What is being asked => Would you retype the whole listing verbatim, keeping pictures out of it?

Available data =>

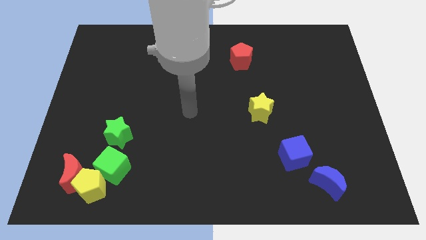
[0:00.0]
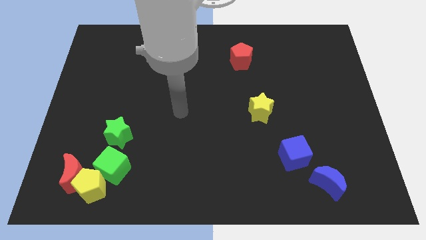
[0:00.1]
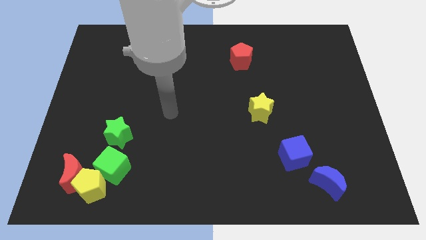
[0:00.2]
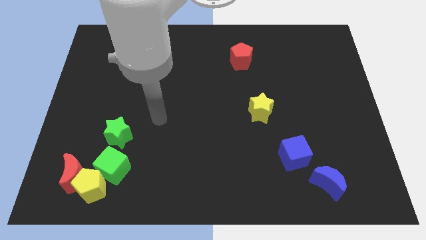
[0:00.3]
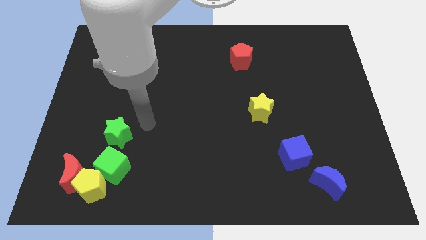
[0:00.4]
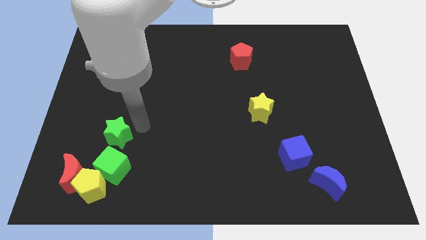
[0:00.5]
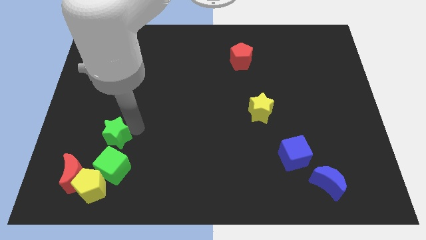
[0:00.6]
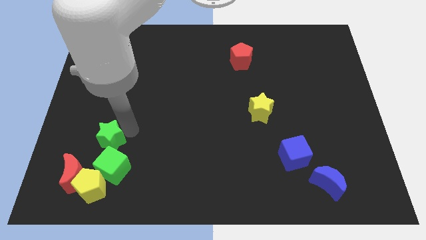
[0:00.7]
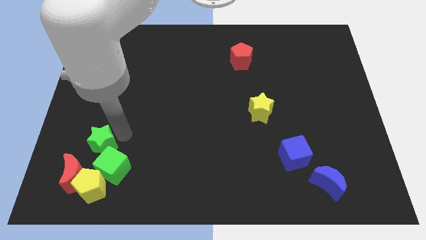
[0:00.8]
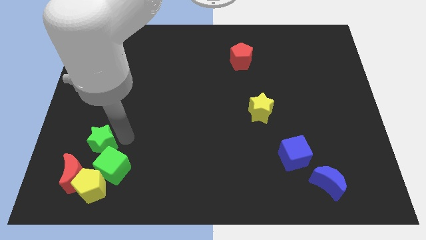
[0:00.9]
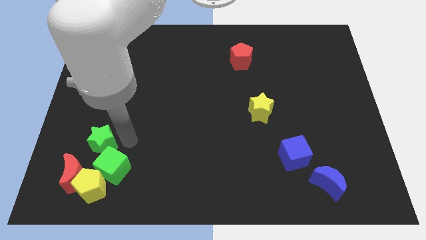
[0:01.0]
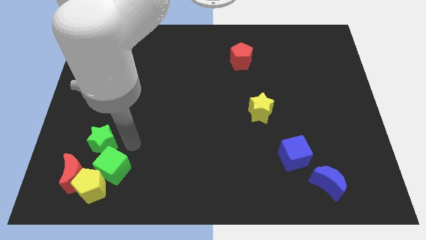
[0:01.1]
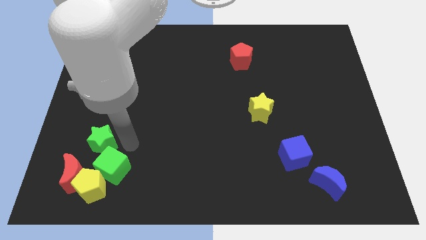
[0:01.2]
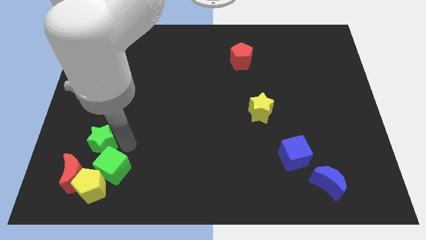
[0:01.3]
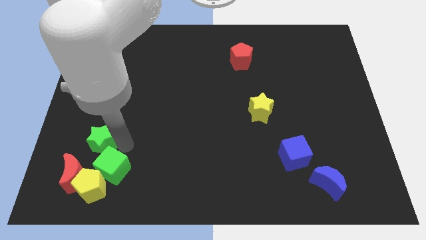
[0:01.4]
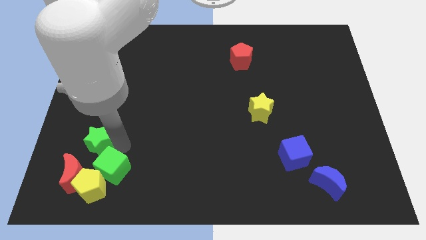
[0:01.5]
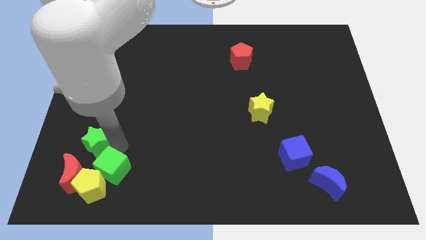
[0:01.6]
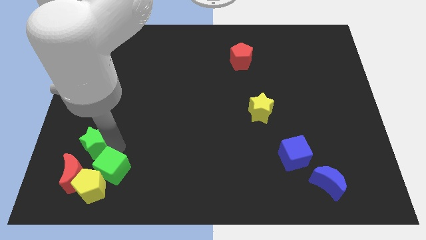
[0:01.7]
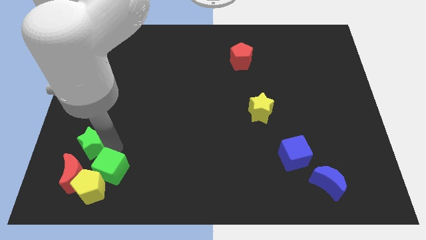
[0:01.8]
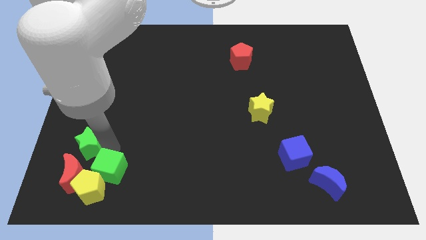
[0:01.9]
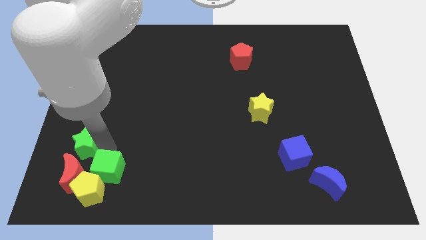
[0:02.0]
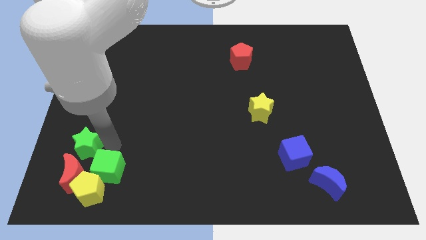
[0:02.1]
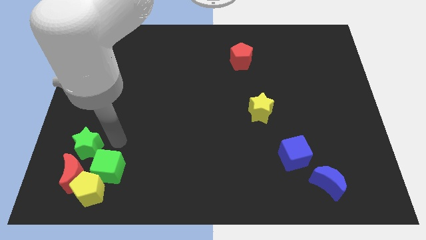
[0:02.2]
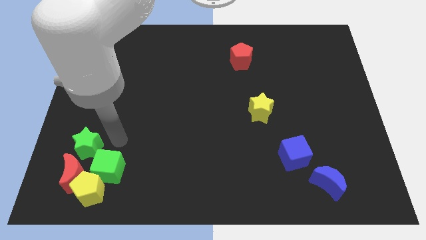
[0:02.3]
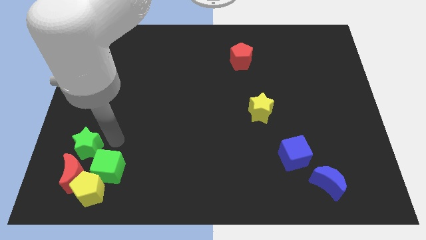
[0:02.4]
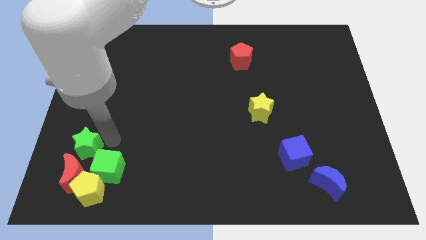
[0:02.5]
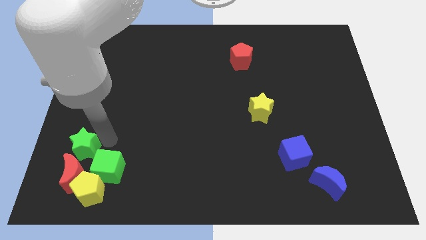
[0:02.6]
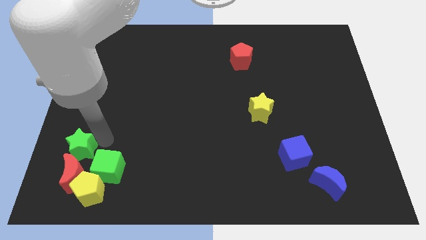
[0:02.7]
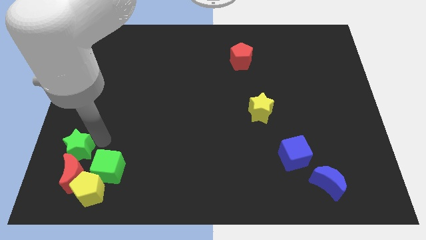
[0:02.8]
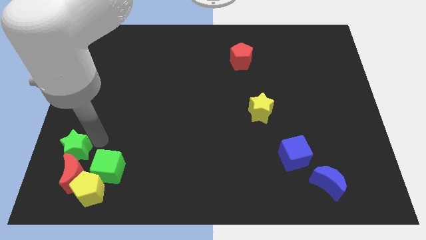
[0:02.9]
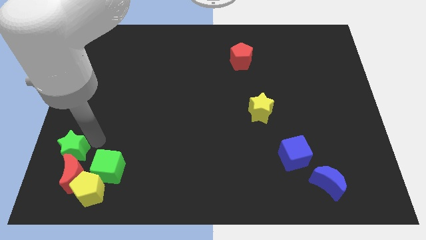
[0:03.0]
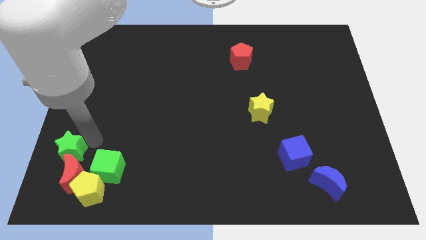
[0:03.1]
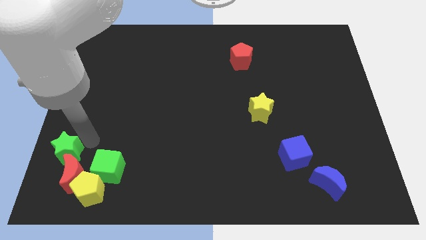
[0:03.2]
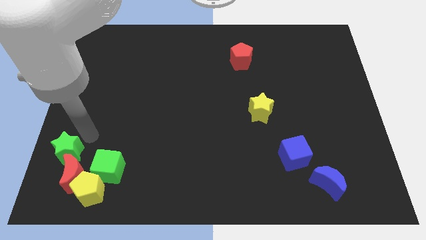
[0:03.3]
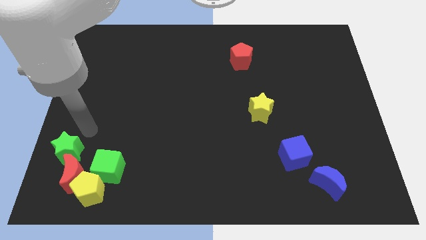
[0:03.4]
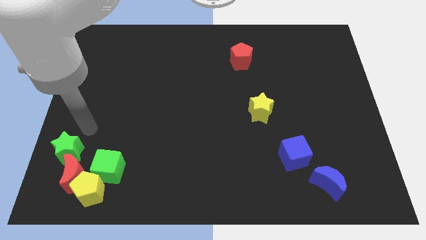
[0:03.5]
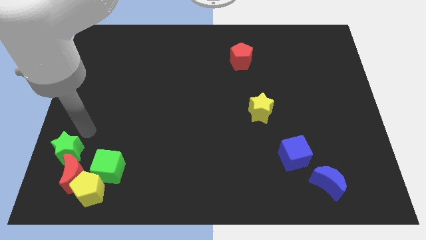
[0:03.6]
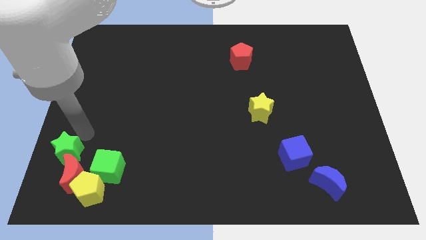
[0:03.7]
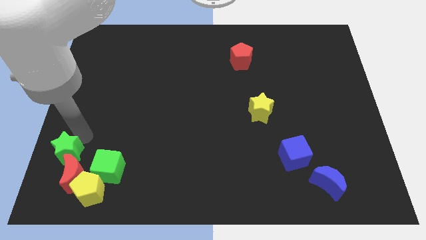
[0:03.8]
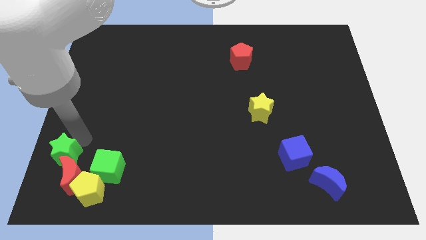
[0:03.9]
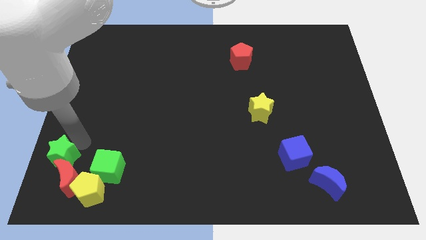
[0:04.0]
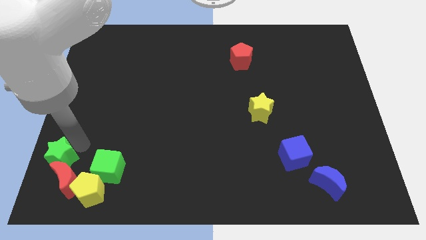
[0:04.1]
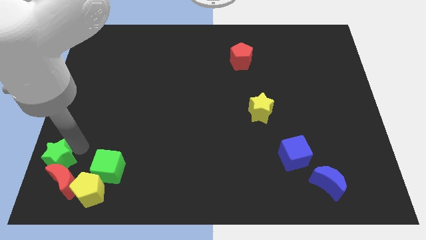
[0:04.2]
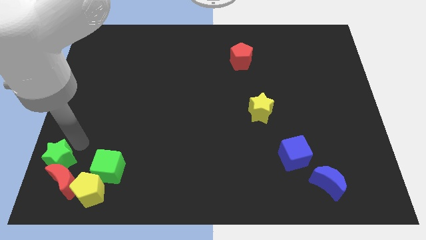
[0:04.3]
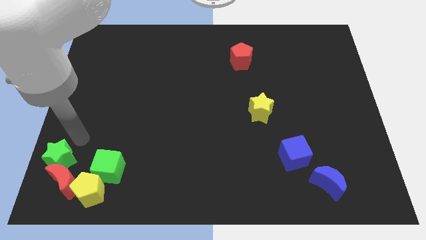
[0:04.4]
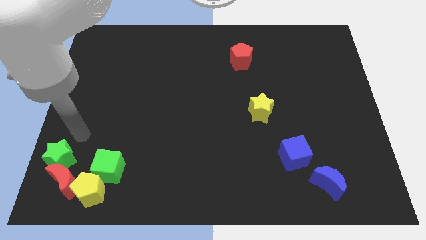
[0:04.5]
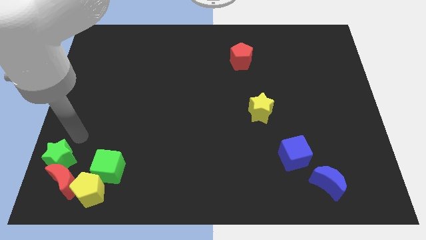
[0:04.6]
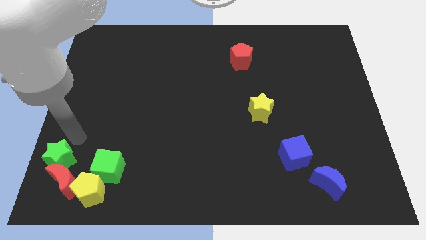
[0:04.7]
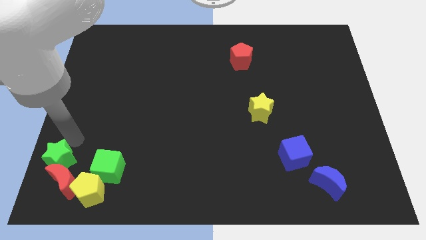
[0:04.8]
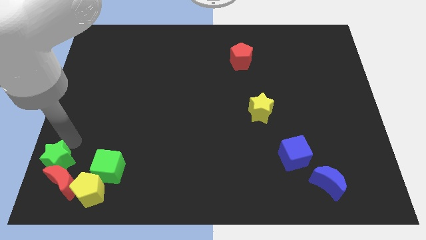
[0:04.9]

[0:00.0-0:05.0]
push the green star to the bottom left corner

Result =>
[0:00.0]
[0:00.1]
[0:00.2]
[0:00.3]
[0:00.4]
[0:00.5]
[0:00.6]
[0:00.7]
[0:00.8]
[0:00.9]
[0:01.0]
[0:01.1]
[0:01.2]
[0:01.3]
[0:01.4]
[0:01.5]
[0:01.6]
[0:01.7]
[0:01.8]
[0:01.9]
[0:02.0]
[0:02.1]
[0:02.2]
[0:02.3]
[0:02.4]
[0:02.5]
[0:02.6]
[0:02.7]
[0:02.8]
[0:02.9]
[0:03.0]
[0:03.1]
[0:03.2]
[0:03.3]
[0:03.4]
[0:03.5]
[0:03.6]
[0:03.7]
[0:03.8]
[0:03.9]
[0:04.0]
[0:04.1]
[0:04.2]
[0:04.3]
[0:04.4]
[0:04.5]
[0:04.6]
[0:04.7]
[0:04.8]
[0:04.9]

[0:00.0-0:05.0]
push the green star to the bottom left corner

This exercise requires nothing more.